使用神经网络和反向传播来进行数字相加。

huangapple go评论75阅读模式
英文:

Adding numbers using Neural network + back propagation

问题

我正在尝试使用神经网络将数字相加,但似乎无法使反向传播函数正常工作。

这是神经网络的外观,其中 W1 = x1,W2 = x2,W3 = y1,W4 = y2,W5 = z1,W6 = z2。

这是到目前为止我的代码:

from random import randint, random, uniform
import numpy as np

class Data:
    data_dict = {}
    def __init__(self, limit):
        self.limit = limit
    '''creates data but beware that the limit may not be the same as the size of the dictionary'''
    def create_data(self):
        for i in range(self.limit):
            num1 = randint(0, 100)
            num2 = randint(0, 100)
            self.data_dict[(num1, num2)] = num1 + num2

'''you compare the error with every test in the data set and find weights that minimise the error'''
class Neural:
    def __init__(self, data):
        self.x1 = uniform(-1, 1)
        self.x2 = uniform(-1, 1)
        self.y1 = uniform(-1, 1)
        self.y2 = uniform(-1, 1)
        self.z1 = uniform(-1, 1)
        self.z2 = uniform(-1, 1)
        self.data = data

    def relu(self, number):
        return max(0, number)

    def sigmoid(self, number):
         return 1 / (1 + np.exp(-number))

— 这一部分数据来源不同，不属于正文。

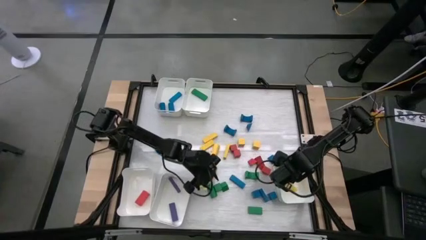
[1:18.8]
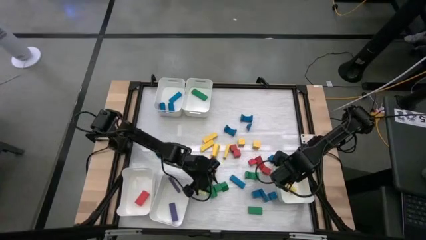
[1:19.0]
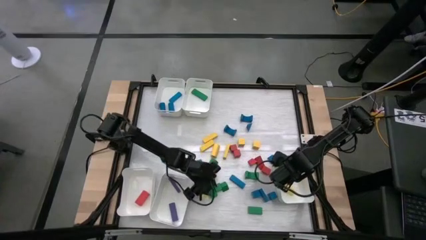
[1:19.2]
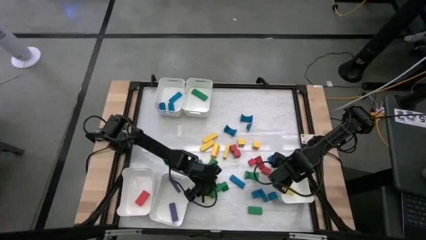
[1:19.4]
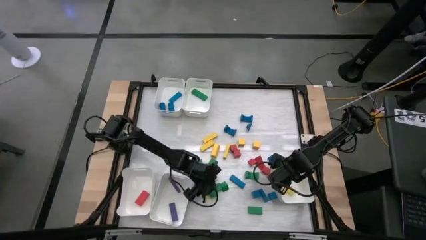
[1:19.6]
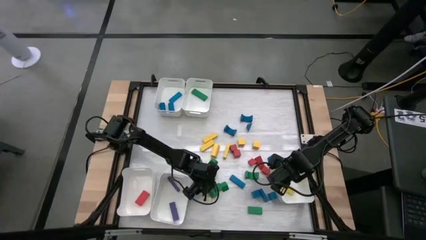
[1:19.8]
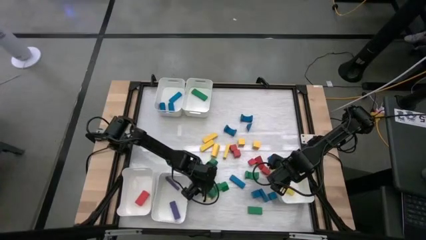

    '''weighted summation with activation function to compute output'''
    def compute_output(self, num1, num2):
        hidden_layer_input1 = self.sigmoid((num1 * self.x1) + (num2 * self.y1))
        hidden_layer_input2 = self.sigmoid((num1 * self.x2) + (num2 * self.y2))
        return ((hidden_layer_input1 * self.z1) + (hidden_layer_input2 * self.z2))

    '''mean squared error between the actual output with the output generated by the algorithm'''
    def compare_output(self, data):
        '''actually, better to find error between all tests. add all the errors up'''
        error = 0
        for key in data.data_dict:
            error += abs(data.data_dict[key] - self.compute_output(key[0], key[1])) ** 2
        return error / len(data.data_dict)

    '''TODO function that changes the weight depending on the errors using gradient descent'''
    '''first make it random'''
    '''next perhaps change weights for each test and average out the adjustments for each weight'''
    def random_back_propagation(self):
        error = 100000
        while error > 0.1:
            self.x1 = random()
            self.x2 = random()
            self.y1 = random()
            self.y2 = random()
            self.z1 = random()
            self.z2 = random()
            error = self.compare_output(self.data)
            print(error)
        print(self.compute_output(140, 15))

    '''learning rate is the amount the weights are updated during training'''
    def back_propagation(self, learning_rate):
        for _ in range(1000):
            for key in self.data.data_dict:
                num1, num2 = key
                target = self.data.data_dict[key]
                hidden_layer1_output = self.sigmoid((num1 * self.x1) + (num2 * self.y1))
                hidden_layer2_output = self.sigmoid((num1 * self.x2) + (num2 * self.y2))
                output = ((hidden_layer1_output * self.z1) + (hidden_layer2_output * self.z2))
                error = target - output

                output_unit1 = output * (1 - output) * (error)
                hidden_unit1 = hidden_layer1_output * (1 - hidden_layer1_output) * self.z1 * output_unit1
                hidden_unit2 = hidden_layer2_output * (1 - hidden_layer2_output) * self.z2 * output_unit1

                self.z1 += (learning_rate * output * hidden_layer1_output)
                self.z2 += (learning_rate * output * hidden_layer2_output)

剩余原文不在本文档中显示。